Taking the GCF of the coefficients of \(2x^2\) and \(8x\) is \(2\). Hence:
\begin{align}
& 2x^2 + 8x - 5\\
&= 2(x^2 + 4x) - 5\\
\end{align}
Taking half of \(4\) and squaring, leads to \(({4 \over 2})^2 = 2^2\).
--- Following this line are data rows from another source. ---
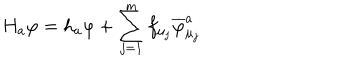
LaTeX: H _ { a } \varphi = h _ { a } \varphi + \sum _ { j = 1 } ^ { m } f _ { \mu _ { j } } \overline { { { \varphi } } } _ { \mu _ { j } } ^ { a }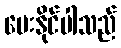
မေးနိုင်ပါသည်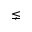
\lneq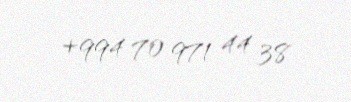
+994 70 971 44 38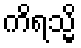
ကိရသ္မိ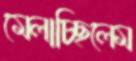
মেলাচ্ছিলেম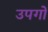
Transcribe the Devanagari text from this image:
उपगों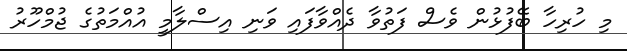
މި ހުރިހާ ބޭފުޅުން ވެސް ފަތުވާ ދެއްވާފައި ވަނި އިސްލާމީ އުއްމަތުގެ ޖުމްހޫރު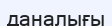
даналығы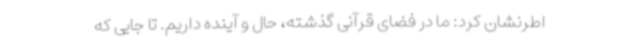
اطرنشان کرد: ما در فضای قرآنی گذشته، حال و آینده داریم. تا جایی که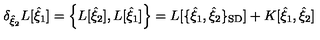
\delta _ { { \hat { \xi } } _ { 2 } } L [ { \hat { \xi } } _ { 1 } ] = \left\{ L [ { \hat { \xi } } _ { 2 } ] , L [ { \hat { \xi } } _ { 1 } ] \right\} = L [ \{ { \hat { \xi } } _ { 1 } , { \hat { \xi } } _ { 2 } \} _ { \mathrm { \scriptsize S D } } ] + K [ { \hat { \xi } } _ { 1 } , { \hat { \xi } } _ { 2 } ]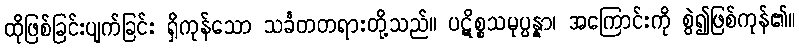
ထိုဖြစ်ခြင်းပျက်ခြင်း ရှိကုန်သော သင်္ခတတရားတို့သည်။ ပဋိစ္စသမုပ္ပန္နာ၊ အကြောင်းကို စွဲ၍ဖြစ်ကုန်၏။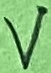
Text: V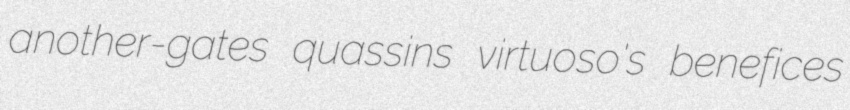
another-gates quassins virtuoso's benefices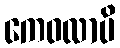
ကေဝလာပိ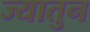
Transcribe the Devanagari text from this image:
ज्यातुन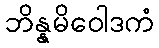
ဘိန္နမိဝေါဒကံ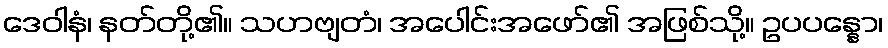
ဒေဝါနံ၊ နတ်တို့၏။ သဟဗျတံ၊ အပေါင်းအဖော်၏ အဖြစ်သို့။ ဥပပန္နော၊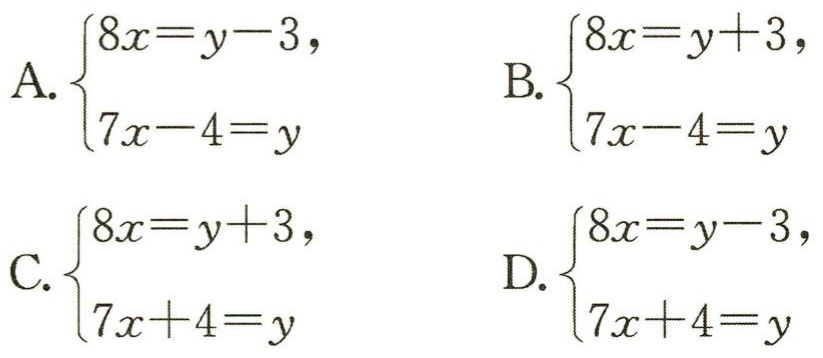
A. \(\begin{cases}8x=y - 3,\\7x - 4=y\end{cases}\) B. \(\begin{cases}8x=y + 3,\\7x - 4=y\end{cases}\) C. \(\begin{cases}8x=y + 3,\\7x + 4=y\end{cases}\) D. \(\begin{cases}8x=y - 3,\\7x + 4=y\end{cases}\)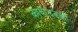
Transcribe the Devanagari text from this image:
कार्बाइडकी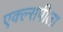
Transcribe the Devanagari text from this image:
एक्ल्सपीला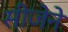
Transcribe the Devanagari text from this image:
सीजेने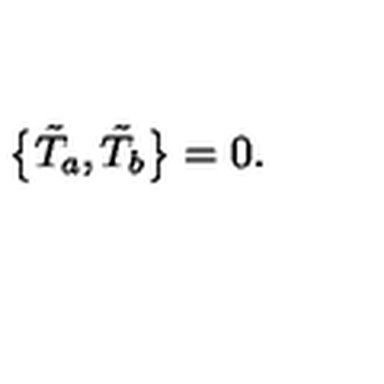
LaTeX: \bigl \{ \tilde { T } _ { a } , \tilde { T } _ { b } \bigr \} = 0 .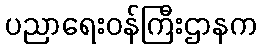
ပညာရေးဝန်ကြီးဌာနက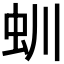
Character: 𧈶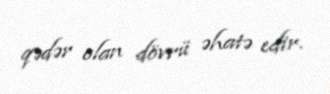
qədər olan dövrü əhatə edir.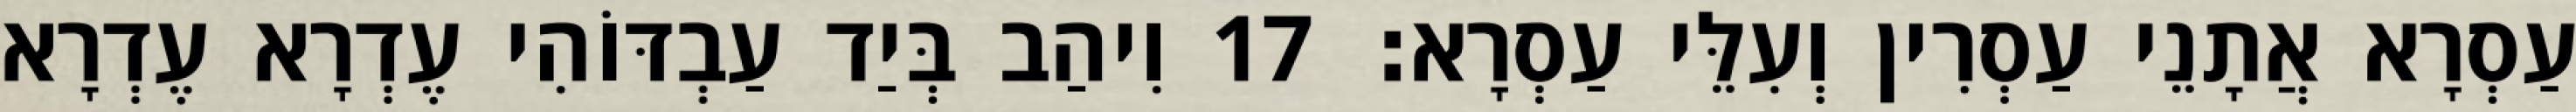
עַסְרָא אֲתָנֵי עַסְרִין וְעִלֵּי עַסְרָא׃ 17 וִיהַב בְּיַד עַבְדּוֹהִי עֶדְרָא עֶדְרָא

Adding and subtracting:
\begin{align}
&= 2(x^2 + 4x + 2^2 - 2^2) - 5\\
\end{align}
Taking the \(-2^2\) out of the brackets, we must multiply it by the coefficient on the bracket, which is \(2\):
\begin{align}
&= 2(x^2 + 4x + 2^2 - 2^2) - 5\\
&= 2(x^2 + 4x + 2^2) - 5 - (2 \times 2^2)\\
\end{align}
Writing down according to step 4 and simplifying:
\begin{align}
&= 2(x^2 + 4x + 2^2) - 5 - (2 \times 2^2)\\
&= 2(x + 2)^2 - 5 - (2 \times 2^2)\\
&= 2(x + 2)^2 - 5 - (2 \times 4)\\
&= 2(x + 2)^2 - 5 - 8\\
&= 2(x + 2)^2 - 13\\
\end{align}
Hence, vertex form has been achieved, with the coordinates of the vertex being \((-2,-13)\).